The genes are located together in a central place in cells called the nucleus, and are grouped together on long strands of DNA and protein that are called chromosomes. Most people have 46 chromosomes, with 23 coming from the mother, and another matched set of 23 coming from the father.
Most of the 25,000 – 30,000 genes come as pairs, with a person getting one copy from his/her mother and another copy from his/her father. (The exception to this are the genes that are located on the X and Y chromosomes. For these genes, there is usually only one copy.)Mutations are errors in the gene code that can affect the way that proteins are made and used in the body. These mutations can make it almost certain that a particular disease will happen, or they can just make it possible that the disease will happen. The types of mutations in a gene can also determine how severe the disease will be, and when it will show up in a person.
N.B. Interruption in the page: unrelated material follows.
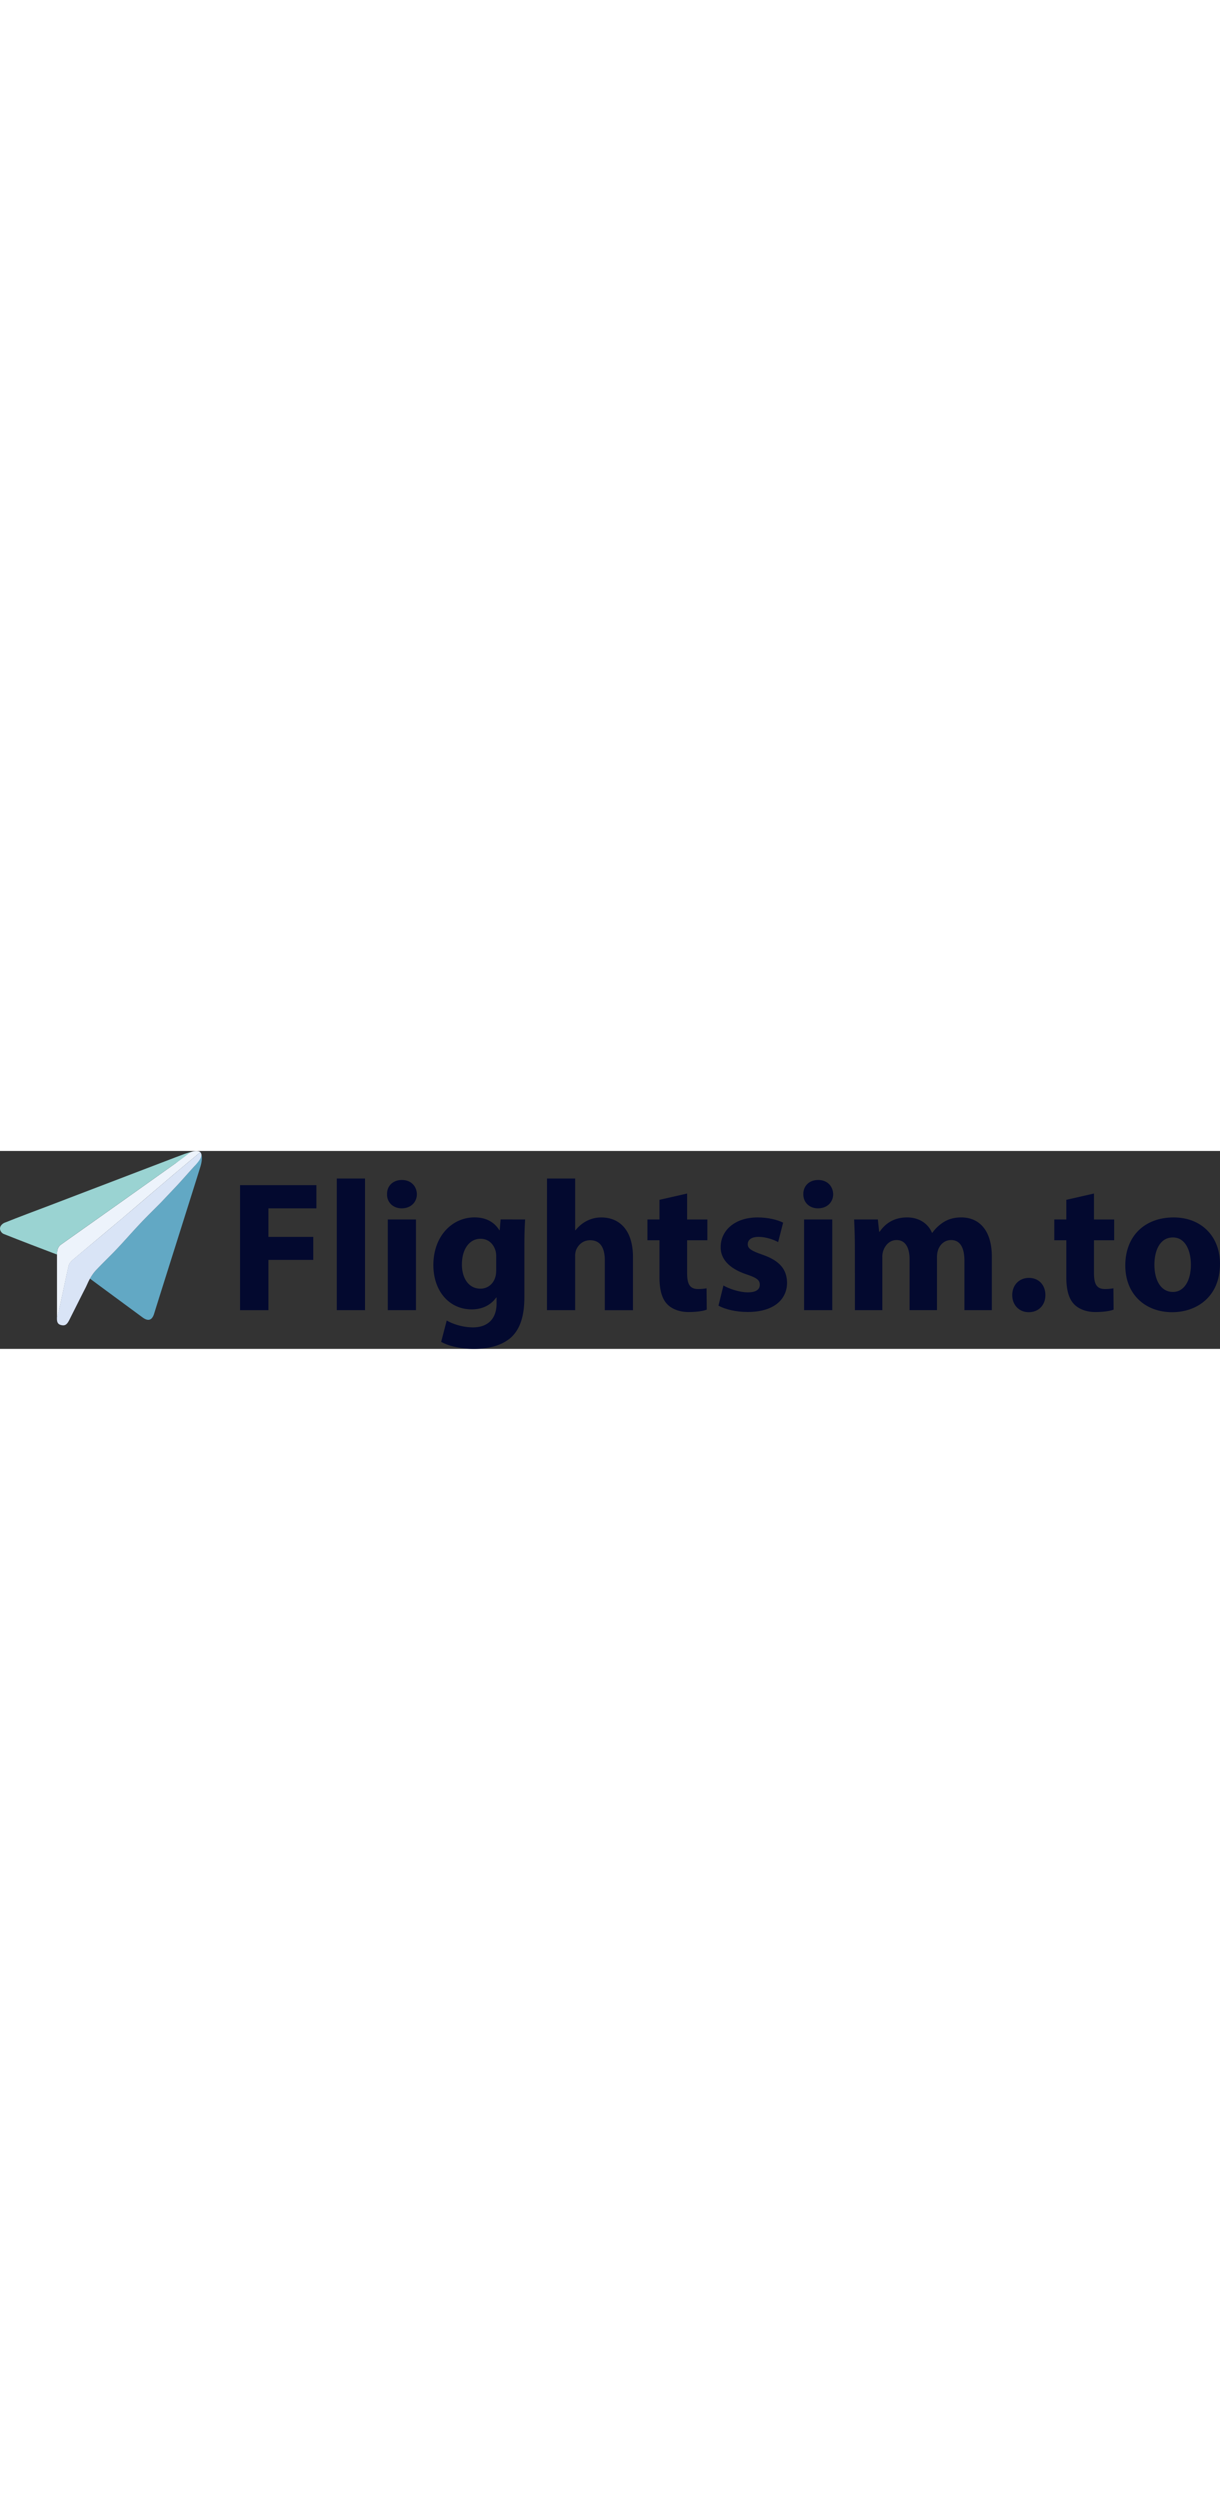<svg class="logo-dark" id="svg40" version="1.1" viewBox="0 0 1869.284 303.087" width="148" xmlns="http://www.w3.org/2000/svg"><rect x="0" y="0" width="1869.284" height="303.087" fill="#333333" stroke="none"/> <defs id="defs4"> <style id="style2"> .cls-3{fill:#9ad3d2}.cls-5{fill:#14162b} </style> </defs> <g data-name="Layer 2" id="Layer_2" transform="translate(-162.716 -73.823)"> <g data-name="SVG Logo" id="SVG_Logo"> <g data-name="Layer 2" id="Layer_2-2" transform="matrix(.613 0 0 .613 162.716 73.825)"> <g data-name="Layer 1-2" id="Layer_1-2"> <path d="M500.69 3.19c-22.38 18.66-44.91 37.15-67.13 56-42.14 35.62-84 71.79-126 107.46-41.79 35.21-83.85 70-125.47 105.25-4.47 3.78-9.18 9.13-10.44 14.52-7.65 32.88-14.11 66.15-21.43 99.17-2.07 7.08-4.78 23.13-7.78 29.86V258.83c0-11.45 2.62-20.56 11.45-26Q296.26 132.22 438.36 31.11c12.42-9.38 21.64-18.22 33.75-25.84 10.05-6.27 25.02-6.93 28.58-2.08Z" id="path859" style="fill:#edf3fb"></path> <path d="M500.69 3.19s9.05 8.74-.5 38.37c-11.94 39-102.88 325.62-114.85 364.64q-7.71 25.26-28.89 9.7c-43.29-31.9-88.55-65.12-131.77-97.14a102.07 102.07 0 0 1 13.9-19.45c17.34-18.61 35.95-36.06 53.43-54.53 19.75-20.85 38.41-42.43 58.17-63.28 17.4-18.36 35.62-36 53.29-54.06 37.74-39.87 26.3-27.89 37.74-39.87 15.18-16.22 29.62-33.1 44.66-49.46 9.39-10.37-14.15-10.57 14.82-34.92z" id="path861" style="fill:#62a8c4"></path> <path class="cls-3" d="M480.26 1.69c-9 2.88 0 0-42 29.5q-142 100.92-284.37 201.59c-8.83 5.47-11.2 13.9-11.45 26C98 241.77 53.43 225 9.26 207.32 4.79 205.54 0 200.09 0 193.79c0-6.14 4.91-11.26 10.38-14.09 37.87-15.2 76.15-29.34 114.29-43.84L413.48 25.49c15.89-6.06 31.75-12.22 47.7-18.08 3.55-.98 15.63-5.36 19.08-5.72z" id="path863"></path> <path d="M486.06 38C471 54.4 456.58 71.2 441.4 87.42l-37.73 39.87c-17.7 18.08-35.9 35.62-53.3 54.06-19.75 20.85-38.55 42.58-58.31 63.43-17.48 18.47-36.08 35.92-53.43 54.53A100.55 100.55 0 0 0 225 318.8c-4.58 7.75-7.83 16.51-12 24.52-13.46 26.27-26.58 52.69-39.87 79.05-6 11.92-11.13 15.15-21.4 12.25-9.7-2.74-9.54-11.13-9.37-19.19 7.78-29.86 0 0 7.62-29.92 7.31-32.88 13.7-66.23 21.42-99.16 1.26-5.48 6-10.74 10.44-14.52 41.79-35.21 83.85-70 125.5-105.2 42.2-35.62 84-71.73 126.18-107.46 22.22-18.83 44.75-37.32 67.13-56 8.77 9.32-5.29 24.45-14.59 34.83z" id="path865" style="fill:#d9e4f6"></path> <path class="cls-3" d="m474 3.27-2.11 2.05z" id="path867"></path> </g> </g> <g data-name="Logo text" id="Logo_text"> <path class="cls-5" d="M530.53 126.18h117v35.5H574v43.73h68.72v35.22H574v77h-43.47z" id="path13" style="fill:#03092f;fill-opacity:1"></path> <path class="cls-5" d="M678.78 116H722v201.59h-43.22z" id="path15" style="fill:#03092f;fill-opacity:1"></path> <path class="cls-5" d="M801.47 140.09c0 11.93-9.09 21.59-23.29 21.59-13.63 0-22.72-9.66-22.44-21.59-.28-12.49 8.81-21.86 22.72-21.86 13.91 0 22.72 9.37 23.01 21.86zm-44.59 177.5V178.72h43.17v138.87z" id="path17" style="fill:#03092f;fill-opacity:1"></path> <path class="cls-5" d="M967.32 178.72c-.57 8.8-1.14 20.45-1.14 41.18v77.53c0 26.69-5.4 48.56-21 62.48-15.34 13.06-36.07 17-56.52 17-18.18 0-37.49-3.69-50-10.79l8.52-32.66c8.8 5.11 24.14 10.5 40.32 10.5 20.45 0 36.07-11.07 36.07-36.63v-9.09H923c-8.23 11.64-21.58 18.18-37.48 18.18-34.37 0-58.79-27.84-58.79-67.88 0-44.59 29-73 63-73 19 0 31 8.24 38.05 19.6h.57l1.42-16.47zM923 235.23a34 34 0 0 0-.85-7.95c-3.12-11.36-11.36-19-23.29-19-15.62 0-28.4 14.2-28.4 39.48 0 20.73 10.23 36.92 28.4 36.92 11.08 0 19.88-7.38 22.72-17.61 1.14-3.12 1.42-7.67 1.42-11.36z" id="path19" style="fill:#03092f;fill-opacity:1"></path> <path class="cls-5" d="M1000.83 116H1044v79.23h.56a52 52 0 0 1 17-14.2 48.48 48.48 0 0 1 22.44-5.4c27.55 0 48.56 19 48.56 60.78v81.22h-43.16V241.2c0-18.18-6.25-30.67-22.44-30.67-11.36 0-18.46 7.38-21.58 15.05a27.35 27.35 0 0 0-1.42 9.65v82.36h-43.17z" id="path21" style="fill:#03092f;fill-opacity:1"></path> <path class="cls-5" d="M1215.53 139v39.76h31v31.81h-31v50.26c0 16.76 4 24.43 17 24.43a70.19 70.19 0 0 0 12.78-1.14l.29 32.66c-5.68 2.27-15.91 3.69-28.12 3.69-13.92 0-25.56-4.83-32.38-11.93-8-8.23-11.92-21.58-11.92-41.17v-56.8h-18.46v-31.85h18.46v-30.11z" id="path23" style="fill:#03092f;fill-opacity:1"></path> <path class="cls-5" d="M1271.19 279.82c8 4.83 24.43 10.51 37.21 10.51 13.06 0 18.46-4.54 18.46-11.64 0-7.1-4.26-10.51-20.45-15.91-28.69-9.65-39.76-25.27-39.48-41.75 0-25.84 22.15-45.44 56.52-45.44 16.19 0 30.67 3.7 39.19 8l-7.64 29.78c-6.25-3.41-18.17-8-30.1-8-10.51 0-16.47 4.26-16.47 11.36 0 6.54 5.39 9.94 22.43 15.91 26.41 9.09 37.49 22.43 37.77 42.88 0 25.84-20.44 44.87-60.2 44.87-18.18 0-34.37-4-44.87-9.65z" id="path25" style="fill:#03092f;fill-opacity:1"></path> <path class="cls-5" d="M1439.32 140.09c0 11.93-9.09 21.59-23.29 21.59-13.63 0-22.72-9.66-22.44-21.59-.28-12.49 8.81-21.86 22.72-21.86 13.91 0 22.69 9.37 23.01 21.86zm-44.59 177.5V178.72h43.17v138.87z" id="path27" style="fill:#03092f;fill-opacity:1"></path> <path class="cls-5" d="M1472.54 223c0-17.32-.57-32.09-1.13-44.3h36.35l2 18.74h.85c6-8.8 18.17-21.87 42-21.87 17.89 0 32.09 9.09 38.06 23.58h.56a62.22 62.22 0 0 1 17.89-16.76c7.67-4.54 16.19-6.82 26.42-6.82 26.69 0 46.86 18.75 46.86 60.21v81.79h-42v-75.52c0-20.16-6.53-31.81-20.44-31.81-9.94 0-17 6.82-19.88 15a36 36 0 0 0-1.71 11.08v81.22h-42v-77.76c0-17.61-6.25-29.54-19.88-29.54-11.07 0-17.61 8.52-20.16 15.62a28.65 28.65 0 0 0-1.71 10.79v80.94h-42z" id="path29" style="fill:#03092f;fill-opacity:1"></path> <path class="cls-5" d="M1713.65 294.59c0-15.34 10.51-26.41 25.56-26.41 15.05 0 25.28 10.79 25.28 26.41 0 15.05-10.22 26.13-25.56 26.13-14.77 0-25.28-11.08-25.28-26.13z" id="path31" style="fill:#03092f;fill-opacity:1"></path> <path class="cls-5" d="M1838.9 139v39.76h30.95v31.81h-30.95v50.26c0 16.76 4 24.43 17 24.43a70.37 70.37 0 0 0 12.78-1.14l.28 32.66c-5.68 2.27-15.9 3.69-28.12 3.69-13.91 0-25.56-4.83-32.37-11.93-8-8.23-11.93-21.58-11.93-41.17v-56.8h-18.46v-31.85h18.46v-30.11z" id="path33" style="fill:#03092f;fill-opacity:1"></path> <path class="cls-5" d="M2032 246.59c0 50.84-36.07 74.13-73.27 74.13-40.61 0-71.85-26.7-71.85-71.57 0-44.87 29.53-73.56 74.12-73.56 42.61 0 71 29.26 71 71zM1931.48 248c0 23.86 9.94 41.75 28.4 41.75 16.75 0 27.54-16.75 27.54-41.75 0-20.73-8-41.74-27.54-41.74-20.74.01-28.4 21.31-28.4 41.74z" id="path35" style="fill:#03092f;fill-opacity:1"></path> </g> </g> </g> </svg>

Some diseases can be caused by a mutation in just one of the two copies of a gene, with the mutated gene being strong enough to overcome the affects of the other, normal gene. This is called Autosomal Dominant Inheritance. An example of this is the disease Autosomal Dominant Polycystic Kidney Disease (ADPKD). If a person has an autosomal dominant genetic disease, it is likely that one of that person’s parents also had the disease, and also likely that some of that person’s children may inherit the disease.
Some diseases require a person to have mutations in both copies of a gene. This is called Autosomal Recessive Inheritance. In this case, having both copies of the gene with a mutation leaves the person without any normal protein from that gene, and leads to the disease. For these diseases, having one gene that is normal can cover up the mutation in the other gene and prevent the disease, or at least make it much less severe. Because of this, it is unlikely that parents or children of the affected person will have the disease. (If a parent or child has one copy of the gene with the mutation, they almost always will have a normal copy of the gene as well). An example is Autosomal Recessive Polycystic Kidney Disease.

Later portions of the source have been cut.